Don’t see any improvement over the original SQL, filter is just a wrapper over the where clause. On the other hand usage of == operator is from development world and the -amount is a very peculiar way to dictate the order, if I didn’t know the SQL context of the order operation I would be inclined to think that this is an arithmetic operation.

Orthogonality

PRQL

from employees
# Filter before aggregations
filter start_date > @2021-01-01
group country (
  aggregate [max_salary = max salary]
)
# And filter after aggregations!
filter max_salary > 100_000

SQL

SELECT
  country,
  MAX(salary) AS max_salary
FROM
  employees
WHERE
  start_date > DATE '2021-01-01'
GROUP BY
  country
HAVING
  MAX(salary) > 100_000

Witch one is easier to understand in your opinion (especially if we talk about people that don’t have experience in development)? I would always go for the SQL statement, since it is clearly structured, it communicates clearly the intent, while on the other hand PRQL uses this group syntax that is very confusing in what is trying to achieve.
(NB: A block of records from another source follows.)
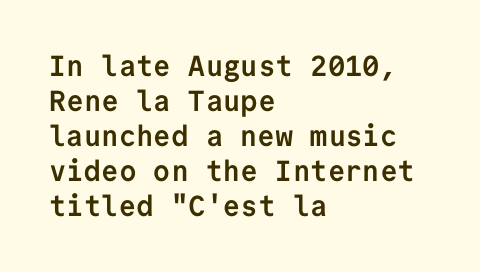
Note: no serifs on the glyphs. Line starts are locked; line ends wander. Note the uniform advance width — an 'i' takes as much space as an 'm'. The glyphs are unaccompanied by any horizontal stroke below them.
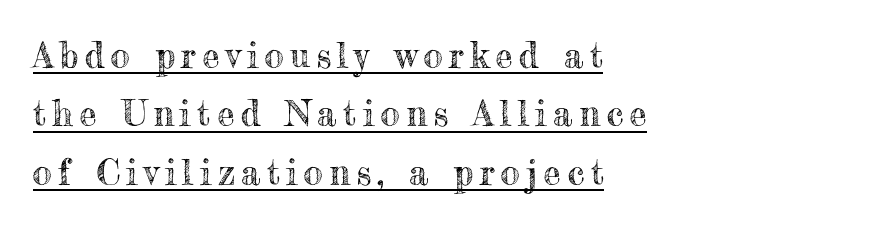
Q: Is the text italic (slanted)? A: No, it is upright.
Q: Is the text underlined? A: Yes.
Q: How is the paragraph aligned? A: Left-aligned.
Q: Is the spacing between lines tight, normal or loose? A: Normal.
Q: Width (condensed, normal, or wide)? A: Normal.
Q: x-height? A: Small.
Q: Monospaced? A: No.
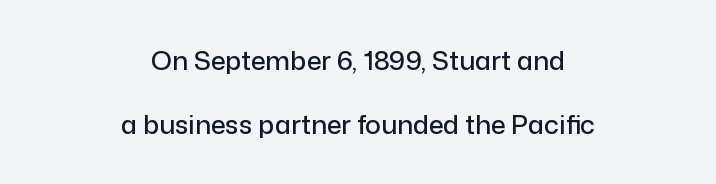
The image shows 26 px text type, upright; set centered, loose line spacing (2.45x), normal letter spacing, not underlined.
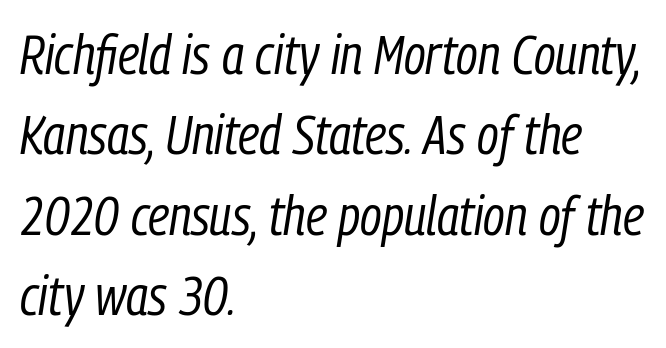
Q: Is the text bold? A: No.
Q: Is the text italic (slanted)? A: Yes, it leans right by about 9 degrees.
Q: Is the text underlined? A: No.
Q: How is the paragraph aligned? A: Left-aligned.
Q: Is the spacing between letters normal or unusually wide? A: Normal.
Q: Is the spacing between lines tight, normal or loose? A: Normal.
Q: Width (condensed, normal, or wide)? A: Condensed.
Q: Stroke contrast? A: Low.
Q: x-height? A: Medium.
Q: Monospaced? A: No.
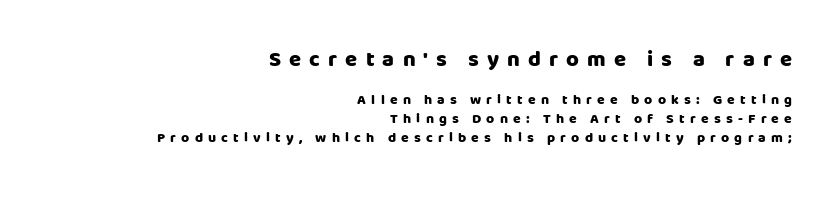
If you drew a ruler down the right edge, every line would touch it. Honestly, the letter spacing is so wide it's the main thing you notice. Two sizes are in play, and the larger belongs to the first block. The baseline area is clear.
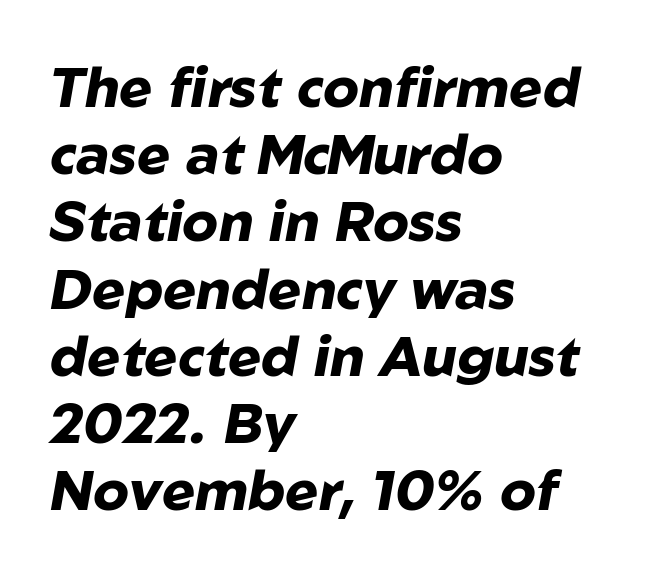
The image shows 56 px heavy type, italic (leaning right); set left-aligned, line spacing 1.2x, normal letter spacing, not underlined; low stroke contrast and a medium x-height.
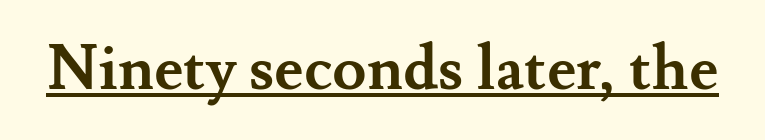
{"serif": "yes", "italic": "no", "bold": "yes", "weight": "semibold", "width": "normal", "stroke_contrast": "medium", "x_height": "small", "monospaced": "no", "underline": "yes", "letter_spacing": "normal", "letter_spacing_em": 0.0, "glyph_px": 62}

The catch from the SQL side of course here is to know the precedence of where and having, but once you understand them you are good to go.

Joins
PRQL

from employees
join b=benefits [==employee_id]
join side:left p=positions [p.id==employees.employee_id]
select [employees.employee_id, p.role, b.vision_coverage]

SQL

SELECT
  employees.employee_id,
  p.role,
  b.vision_coverage
FROM
  employees
  JOIN benefits AS b ON employees.employee_id = b.employee_id
  LEFT JOIN positions AS p ON p.id = employees.employee_id

This one is cherry on top of the cake. In what world the PRQL join statement is more readable than the SQL one? Once again usage of peculiar operators that you need to learn and read the documentation to understand them.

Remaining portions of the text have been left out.